After a year of a divisive political climate, Thanksgiving comes at a welcome time.
Unlike the political arena, or even other divisions of the technology industry, when working in IT security, people rarely notice when everything is done perfectly. When development delivers that great new mobile app that your customers love, they (deservedly) get plenty of accolades. When security delivers new policies that keep up with every industry standard and regulation, there is no cheering. The more likely response is complaining about the changes that will need to occur in response.
So if you’re a security professional who wants to help upper level management understand how much you really contribute to the organization, and why they should appreciate what are often thankless tasks, read on for reasons to cheer on IT teams this holiday season.
#1 IT security saves money
This one might be controversial, as many see security expenses more like insurance – a line item in case something bad happens. But, in today’s threat environment, it’s not a matter of “if” but “when” a disruptive attack will occur. Whatever the upfront security costs may be, the total is probably less than dealing with the effects and recovery of a data breach, pegged at an average of $4 million by the Ponemon Institute. Poor/no security would invite repeated disruptive breaches.
#2 IT security retains customers
The same 2016 Ponemon Institute study revealed that “churn” (loss of customers as a result of a data breach) was highest in the financial, health and service organizations, and lowest in public sector and education organizations. Regardless of what industry you’re in, Ponemon reports that, “The biggest financial consequence to organizations that experienced a data breach is lost business.” Data breaches have a very real effect on customer choices. The more competitive the space, the more likely churn is going to impact customer retention.
#3 IT security improves productivity
While cat videos and social media have been disruptive to the productivity of many office workers, they are nothing compared to the attention that a data breach investigation and recovery effort can command from IT teams, communications teams, and even executive leadership. In a white paper titled, “Cleaning Up After a Breach Post-Breach Impact: A Cost Compendium,” the SANS Institute reports, ““In almost all cases, repairing damaged systems, rolling back to a pre-breach state and replacing/repairing the data were consistently mentioned as high-cost items.” Big breaches are now front-page news – they will occupy a commensurate amount of valuable time and disrupt the productivity of those involved.
#4 IT security will help you keep your job
What do the breaches at the Office of Personnel Management (OPM), Target, and Sony Pictures all have in common? They all cost their CEOs (or director in the case of OPM) their jobs. Increasingly, responsibility for cyber security measures doesn’t just stop with the CISO or CIO, but goes all the way to the top.

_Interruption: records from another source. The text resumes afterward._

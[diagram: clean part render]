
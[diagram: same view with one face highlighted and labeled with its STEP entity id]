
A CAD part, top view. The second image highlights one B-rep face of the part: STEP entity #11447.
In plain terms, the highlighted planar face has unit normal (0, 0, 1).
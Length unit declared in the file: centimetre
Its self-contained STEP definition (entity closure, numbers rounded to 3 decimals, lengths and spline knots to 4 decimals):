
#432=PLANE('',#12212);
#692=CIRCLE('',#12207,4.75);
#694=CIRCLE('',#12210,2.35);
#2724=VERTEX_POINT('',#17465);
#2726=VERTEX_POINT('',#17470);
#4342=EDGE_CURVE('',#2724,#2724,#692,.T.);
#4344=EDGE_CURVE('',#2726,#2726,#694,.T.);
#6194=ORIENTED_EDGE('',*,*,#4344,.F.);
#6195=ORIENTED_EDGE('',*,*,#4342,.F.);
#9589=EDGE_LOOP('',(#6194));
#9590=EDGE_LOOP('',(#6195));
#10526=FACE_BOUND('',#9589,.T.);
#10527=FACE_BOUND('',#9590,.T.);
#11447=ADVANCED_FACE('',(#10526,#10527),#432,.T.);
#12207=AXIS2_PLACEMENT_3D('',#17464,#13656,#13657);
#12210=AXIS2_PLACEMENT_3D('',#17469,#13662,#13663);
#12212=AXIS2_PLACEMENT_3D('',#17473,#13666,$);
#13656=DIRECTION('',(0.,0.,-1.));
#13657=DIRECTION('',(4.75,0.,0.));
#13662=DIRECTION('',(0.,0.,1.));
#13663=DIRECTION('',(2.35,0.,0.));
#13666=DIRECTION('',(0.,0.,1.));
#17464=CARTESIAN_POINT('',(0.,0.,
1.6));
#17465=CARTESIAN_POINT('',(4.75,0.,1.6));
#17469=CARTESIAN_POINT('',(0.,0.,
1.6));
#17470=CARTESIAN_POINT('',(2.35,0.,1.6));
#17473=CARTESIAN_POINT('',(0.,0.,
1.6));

# 5 IT security is ethical
Regulations require compliance, and boards are interested in effective demonstration of policies and controls to satisfy auditors. Audit findings are often a public black eye, and it’s tempting to include compliance here in the final slot. But beyond compliance, much of the regulation we deal with as an industry is in place to protect customers, shareholders and employees. Doing the right things to protect their privacy and intellectual property from those who would abuse that information for personal or competitive gain is the ethical thing to do, regardless of whether the regulations require it or not.
So rather than continue to look at IT security simply as unallocated overhead or a tax on conducting business, consider how you can thank the unheralded security professionals in your organization, who in the best of circumstances, go unnoticed.